◆ **WHAT THE TASK ASKS**:
Please return the records below exactly as they appear, leaving every picture out.

◆ **INFORMATION**:

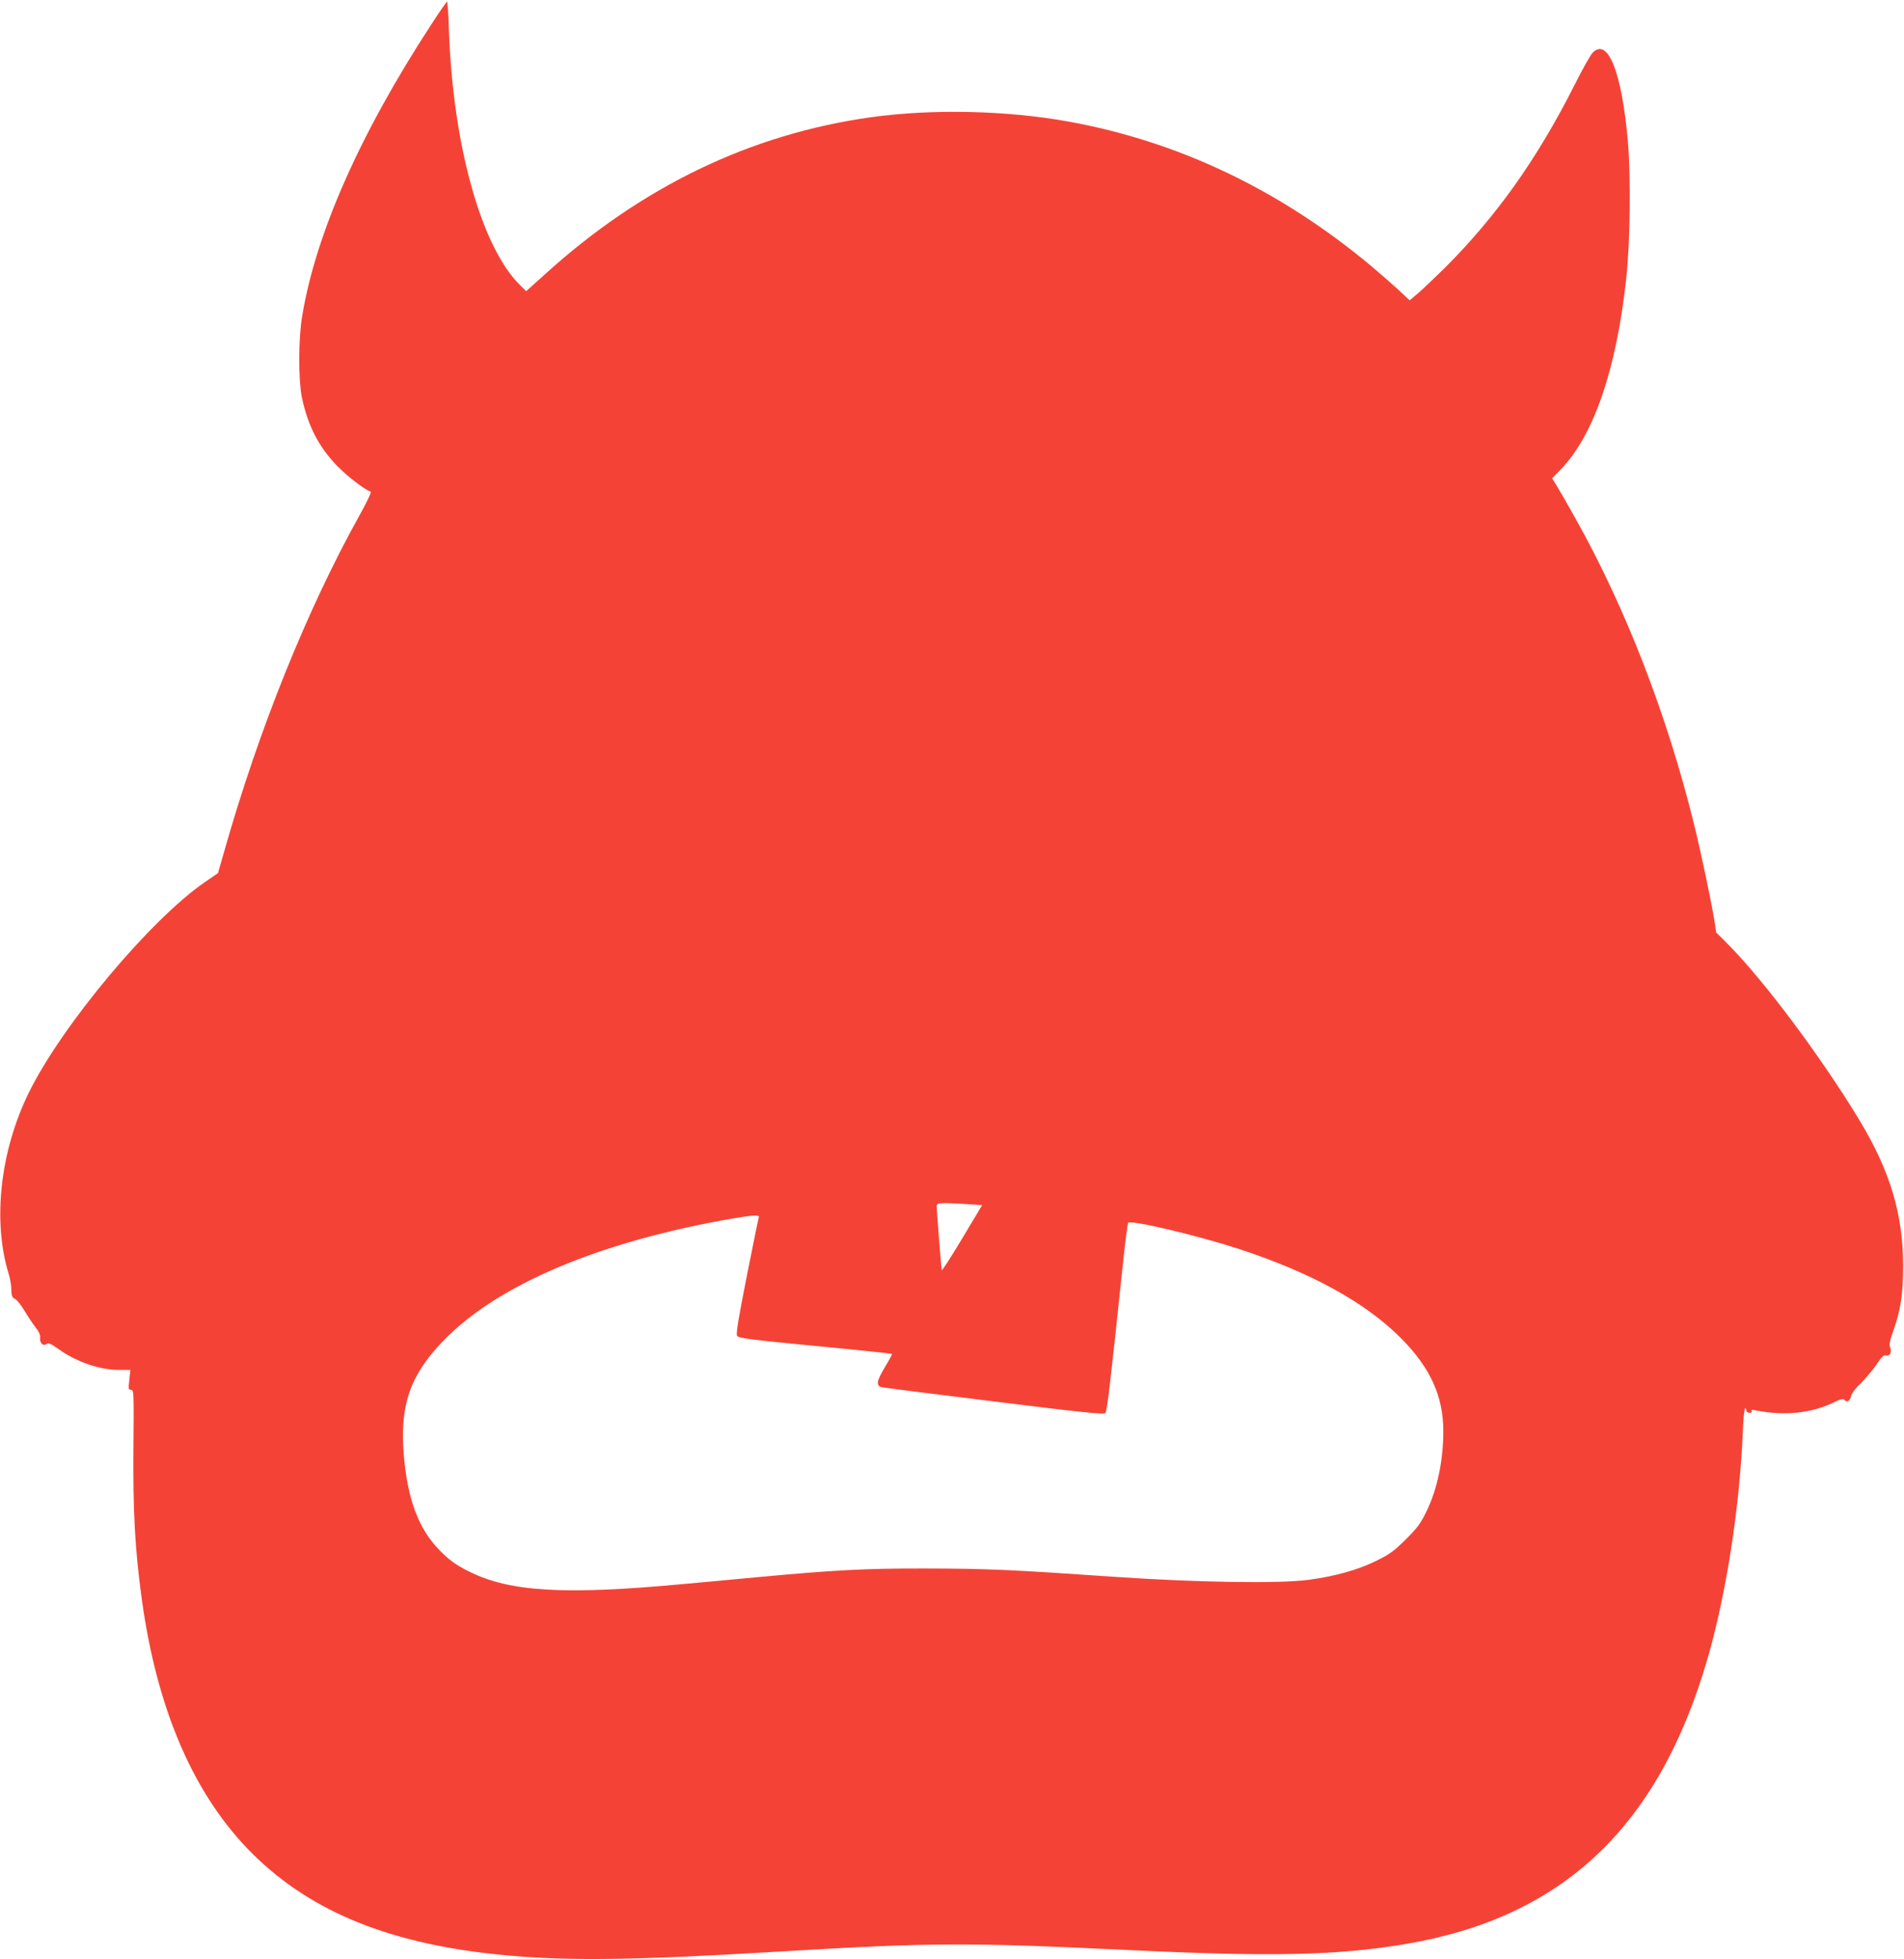 <?xml version="1.0" standalone="no"?>
<!DOCTYPE svg PUBLIC "-//W3C//DTD SVG 20010904//EN"
 "http://www.w3.org/TR/2001/REC-SVG-20010904/DTD/svg10.dtd">
<svg version="1.0" xmlns="http://www.w3.org/2000/svg"
 width="1244pt" height="1280pt" viewBox="0 0 1244 1280"
 preserveAspectRatio="xMidYMid meet">
<g transform="translate(0,1280) scale(0.1,-0.1)"
fill="#f44336" stroke="none">
<path d="M2819 12642 c-467 -716 -756 -1368 -845 -1909 -25 -150 -25 -416 -1
-533 40 -185 111 -322 232 -446 68 -69 177 -153 217 -166 6 -2 -24 -67 -70
-149 -344 -617 -662 -1405 -889 -2208 l-39 -135 -84 -58 c-354 -242 -933 -933
-1150 -1373 -188 -380 -240 -838 -134 -1185 10 -30 18 -77 18 -105 1 -41 5
-51 24 -61 13 -6 40 -41 62 -77 21 -36 53 -84 71 -107 23 -29 33 -50 31 -69
-4 -35 21 -59 43 -41 11 9 26 3 78 -34 119 -85 269 -136 399 -136 l70 0 -7
-65 c-7 -59 -6 -65 11 -65 18 0 19 -14 16 -357 -4 -435 9 -679 54 -1008 100
-729 343 -1287 723 -1665 391 -388 919 -598 1668 -665 411 -37 835 -31 1770
25 1003 60 1225 61 2293 10 931 -45 1363 -35 1806 40 1024 173 1650 764 1969
1859 122 420 211 987 232 1488 3 84 10 153 15 153 4 0 8 -7 8 -15 0 -8 9 -15
21 -15 12 0 18 4 13 11 -5 9 4 10 32 4 187 -36 359 -18 507 54 46 22 59 25 68
15 16 -19 37 -6 44 27 4 17 29 51 61 80 29 29 75 82 101 120 34 51 51 68 63
64 27 -8 42 18 30 50 -8 21 -4 42 20 110 49 140 64 240 64 425 1 333 -84 617
-281 945 -248 411 -625 917 -864 1157 l-76 76 -12 79 c-20 123 -88 447 -132
625 -176 715 -446 1412 -771 1993 -52 94 -109 192 -126 220 l-31 50 58 60
c215 223 362 653 426 1245 26 230 31 667 11 895 -40 454 -130 682 -230 581
-13 -12 -67 -108 -119 -212 -244 -483 -510 -857 -847 -1194 -64 -63 -142 -137
-173 -164 l-57 -48 -68 64 c-38 35 -120 107 -183 160 -594 496 -1255 812
-1973 943 -406 74 -893 85 -1296 29 -786 -110 -1499 -453 -2133 -1029 l-119
-107 -39 38 c-254 248 -440 916 -466 1667 -3 103 -9 187 -12 187 -3 0 -49 -66
-102 -148z m3493 -7708 l105 -7 -131 -219 c-72 -120 -132 -213 -133 -206 -4
21 -33 392 -33 416 0 25 13 26 192 16z m-1354 -86 c-3 -7 -38 -181 -79 -386
-56 -284 -71 -376 -63 -389 9 -15 82 -25 510 -66 274 -26 500 -50 502 -52 2
-2 -19 -42 -48 -89 -54 -91 -58 -120 -17 -129 12 -3 342 -45 734 -93 560 -70
715 -86 725 -76 11 11 34 206 114 970 15 144 31 267 35 273 13 22 443 -80 713
-167 482 -157 838 -353 1071 -588 190 -191 275 -378 275 -606 0 -191 -39 -377
-108 -520 -39 -81 -59 -109 -136 -186 -79 -78 -105 -97 -196 -142 -118 -58
-267 -100 -440 -123 -193 -26 -731 -17 -1260 19 -681 47 -830 54 -1240 55
-393 1 -600 -10 -1115 -58 -143 -14 -357 -33 -475 -44 -772 -72 -1129 -51
-1395 82 -85 42 -132 76 -195 141 -136 140 -208 332 -232 624 -26 322 40 514
254 738 353 369 1023 653 1898 804 130 22 174 24 168 8z"/>
</g>
</svg>

◆ **EXERCISE RESPONSE**:
 <?xml version="1.0" standalone="no"?>
<!DOCTYPE svg PUBLIC "-//W3C//DTD SVG 20010904//EN"
 "http://www.w3.org/TR/2001/REC-SVG-20010904/DTD/svg10.dtd">
<svg version="1.0" xmlns="http://www.w3.org/2000/svg"
 width="1244pt" height="1280pt" viewBox="0 0 1244 1280"
 preserveAspectRatio="xMidYMid meet">
<g transform="translate(0,1280) scale(0.1,-0.1)"
fill="#f44336" stroke="none">
<path d="M2819 12642 c-467 -716 -756 -1368 -845 -1909 -25 -150 -25 -416 -1
-533 40 -185 111 -322 232 -446 68 -69 177 -153 217 -166 6 -2 -24 -67 -70
-149 -344 -617 -662 -1405 -889 -2208 l-39 -135 -84 -58 c-354 -242 -933 -933
-1150 -1373 -188 -380 -240 -838 -134 -1185 10 -30 18 -77 18 -105 1 -41 5
-51 24 -61 13 -6 40 -41 62 -77 21 -36 53 -84 71 -107 23 -29 33 -50 31 -69
-4 -35 21 -59 43 -41 11 9 26 3 78 -34 119 -85 269 -136 399 -136 l70 0 -7
-65 c-7 -59 -6 -65 11 -65 18 0 19 -14 16 -357 -4 -435 9 -679 54 -1008 100
-729 343 -1287 723 -1665 391 -388 919 -598 1668 -665 411 -37 835 -31 1770
25 1003 60 1225 61 2293 10 931 -45 1363 -35 1806 40 1024 173 1650 764 1969
1859 122 420 211 987 232 1488 3 84 10 153 15 153 4 0 8 -7 8 -15 0 -8 9 -15
21 -15 12 0 18 4 13 11 -5 9 4 10 32 4 187 -36 359 -18 507 54 46 22 59 25 68
15 16 -19 37 -6 44 27 4 17 29 51 61 80 29 29 75 82 101 120 34 51 51 68 63
64 27 -8 42 18 30 50 -8 21 -4 42 20 110 49 140 64 240 64 425 1 333 -84 617
-281 945 -248 411 -625 917 -864 1157 l-76 76 -12 79 c-20 123 -88 447 -132
625 -176 715 -446 1412 -771 1993 -52 94 -109 192 -126 220 l-31 50 58 60
c215 223 362 653 426 1245 26 230 31 667 11 895 -40 454 -130 682 -230 581
-13 -12 -67 -108 -119 -212 -244 -483 -510 -857 -847 -1194 -64 -63 -142 -137
-173 -164 l-57 -48 -68 64 c-38 35 -120 107 -183 160 -594 496 -1255 812
-1973 943 -406 74 -893 85 -1296 29 -786 -110 -1499 -453 -2133 -1029 l-119
-107 -39 38 c-254 248 -440 916 -466 1667 -3 103 -9 187 -12 187 -3 0 -49 -66
-102 -148z m3493 -7708 l105 -7 -131 -219 c-72 -120 -132 -213 -133 -206 -4
21 -33 392 -33 416 0 25 13 26 192 16z m-1354 -86 c-3 -7 -38 -181 -79 -386
-56 -284 -71 -376 -63 -389 9 -15 82 -25 510 -66 274 -26 500 -50 502 -52 2
-2 -19 -42 -48 -89 -54 -91 -58 -120 -17 -129 12 -3 342 -45 734 -93 560 -70
715 -86 725 -76 11 11 34 206 114 970 15 144 31 267 35 273 13 22 443 -80 713
-167 482 -157 838 -353 1071 -588 190 -191 275 -378 275 -606 0 -191 -39 -377
-108 -520 -39 -81 -59 -109 -136 -186 -79 -78 -105 -97 -196 -142 -118 -58
-267 -100 -440 -123 -193 -26 -731 -17 -1260 19 -681 47 -830 54 -1240 55
-393 1 -600 -10 -1115 -58 -143 -14 -357 -33 -475 -44 -772 -72 -1129 -51
-1395 82 -85 42 -132 76 -195 141 -136 140 -208 332 -232 624 -26 322 40 514
254 738 353 369 1023 653 1898 804 130 22 174 24 168 8z"/>
</g>
</svg>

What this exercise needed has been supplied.